Hommes et femmes de notre temps qui s’affrontent souvent, et en arrivent même parfois à s’insulter, au sujet de l’avortement, à cause de positions opposées apparemment irréconciliables, pourraient peut-être trouver dans les réflexions suivantes au moins l’opportunité de situer précisément les enjeux. Qui, quel est celui ou celle que l’on veut sauver à tout prix, ou que l’on est prêt à supprimer ? (pour des raisons qui ne sont pas examinées ici)

Intermédiaire entre l’être complet, doué de tous ses organes en état de fonctionnement (le vivant achevé, par exemple) , et le rien, à savoir l’absence pure et simple d’être, l’inexistence ou le non-être, il y a ce qu’on appelle l’être en puissance.

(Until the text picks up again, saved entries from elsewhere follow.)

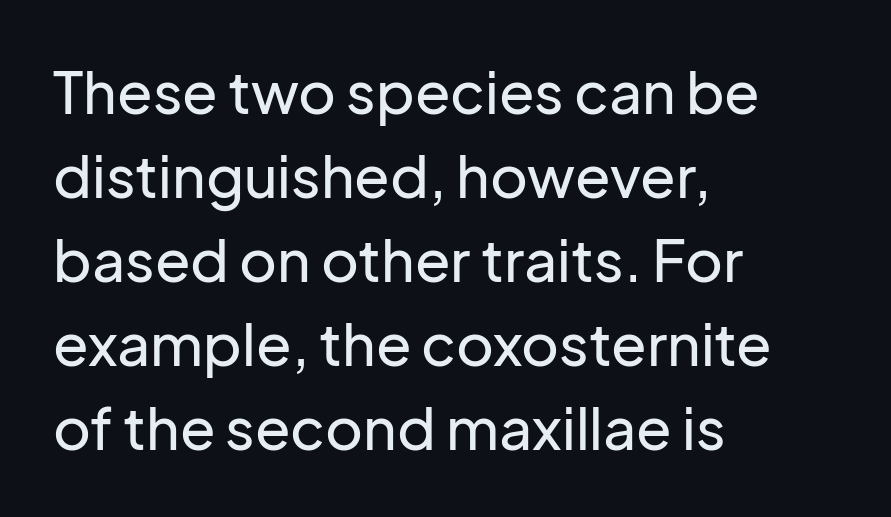
Q: Is the text italic (slanted)? A: No, it is upright.
Q: Is the typeface a serif or a sans-serif typeface? A: Sans-serif.
Q: Is the text underlined? A: No.
Q: How is the paragraph aligned? A: Left-aligned.
Q: Is the spacing between letters normal or unusually wide? A: Normal.
Q: Is the spacing between lines tight, normal or loose? A: Normal.
Q: Width (condensed, normal, or wide)? A: Normal.
Q: Stroke contrast? A: Low.
Q: x-height? A: Medium.
Q: Monospaced? A: No.
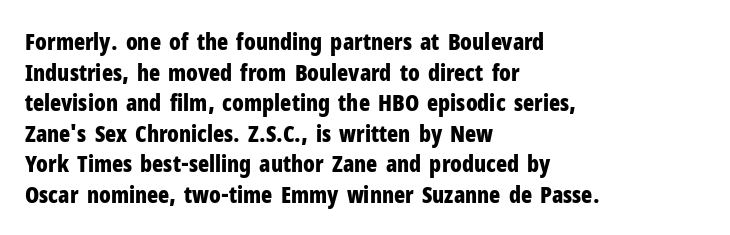
Q: Is the text bold? A: Yes.
Q: Is the text italic (slanted)? A: No, it is upright.
Q: Is the text underlined? A: No.
Q: How is the paragraph aligned? A: Left-aligned.
Q: Is the spacing between letters normal or unusually wide? A: Normal.
Q: Is the spacing between lines tight, normal or loose? A: Normal.
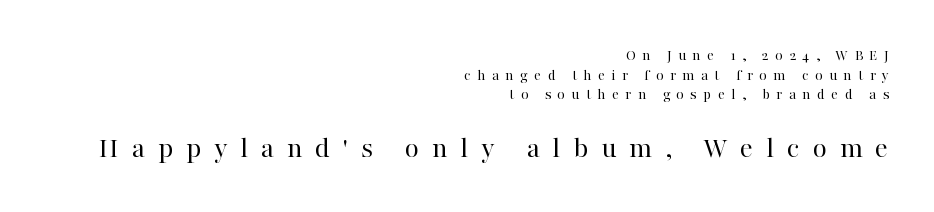
{"serif": "yes", "italic": "no", "bold": "no", "weight": "regular", "width": "normal", "stroke_contrast": "high", "x_height": "medium", "monospaced": "no", "underline": "no", "align": "right", "line_spacing_ratio": 1.23, "letter_spacing": "wide", "letter_spacing_em": 0.41, "larger_block": "second", "size_ratio": 1.94, "glyph_px": 31}
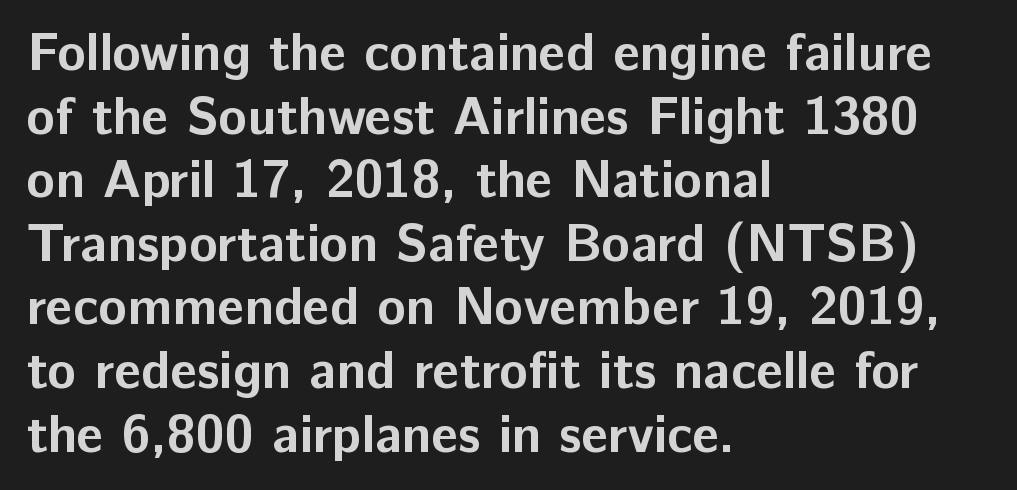
{"serif": "no", "italic": "no", "bold": "yes", "weight": "bold", "width": "normal", "stroke_contrast": "low", "x_height": "medium", "monospaced": "no", "underline": "no", "align": "left", "line_spacing_ratio": 1.2, "letter_spacing": "normal", "letter_spacing_em": 0.0, "glyph_px": 53}
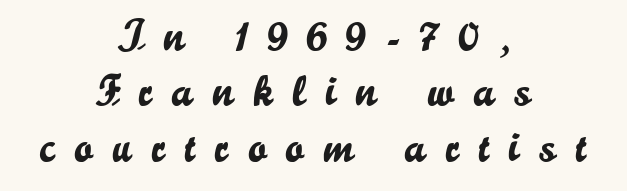
Q: Is the text italic (slanted)? A: Yes.
Q: Is the typeface a serif or a sans-serif typeface? A: Sans-serif.
Q: Is the text underlined? A: No.
Q: How is the paragraph aligned? A: Centered.
Q: Is the spacing between letters normal or unusually wide? A: Unusually wide.
Q: Is the spacing between lines tight, normal or loose? A: Normal.
Q: Width (condensed, normal, or wide)? A: Normal.
Q: Stroke contrast? A: Low.
Q: x-height? A: Small.
Q: Monospaced? A: No.
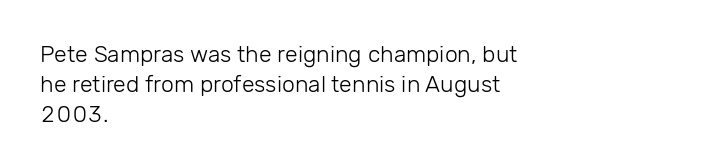
Q: Is the text bold? A: No.
Q: Is the text italic (slanted)? A: No, it is upright.
Q: Is the text underlined? A: No.
Q: How is the paragraph aligned? A: Left-aligned.
Q: Is the spacing between letters normal or unusually wide? A: Normal.
Q: Is the spacing between lines tight, normal or loose? A: Normal.
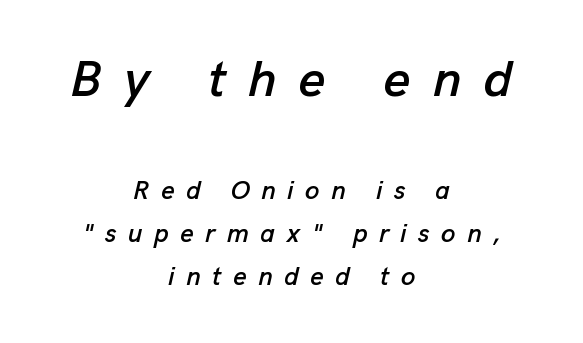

Ce terme, qui vient de la philosophie d’Aristote (IV ème siècle avant Jésus Christ), signifie : l’être en devenir, l’être en train d’acquérir sa forme achevée, c’est à dire de se constituer, de se faire et se parfaire. Alors, il connaîtra sa pleine actualité. On peut parler également à son égard de processus de transformation ; ou encore d’acheminement progressif vers une plus grande qualité (actualité) d’être.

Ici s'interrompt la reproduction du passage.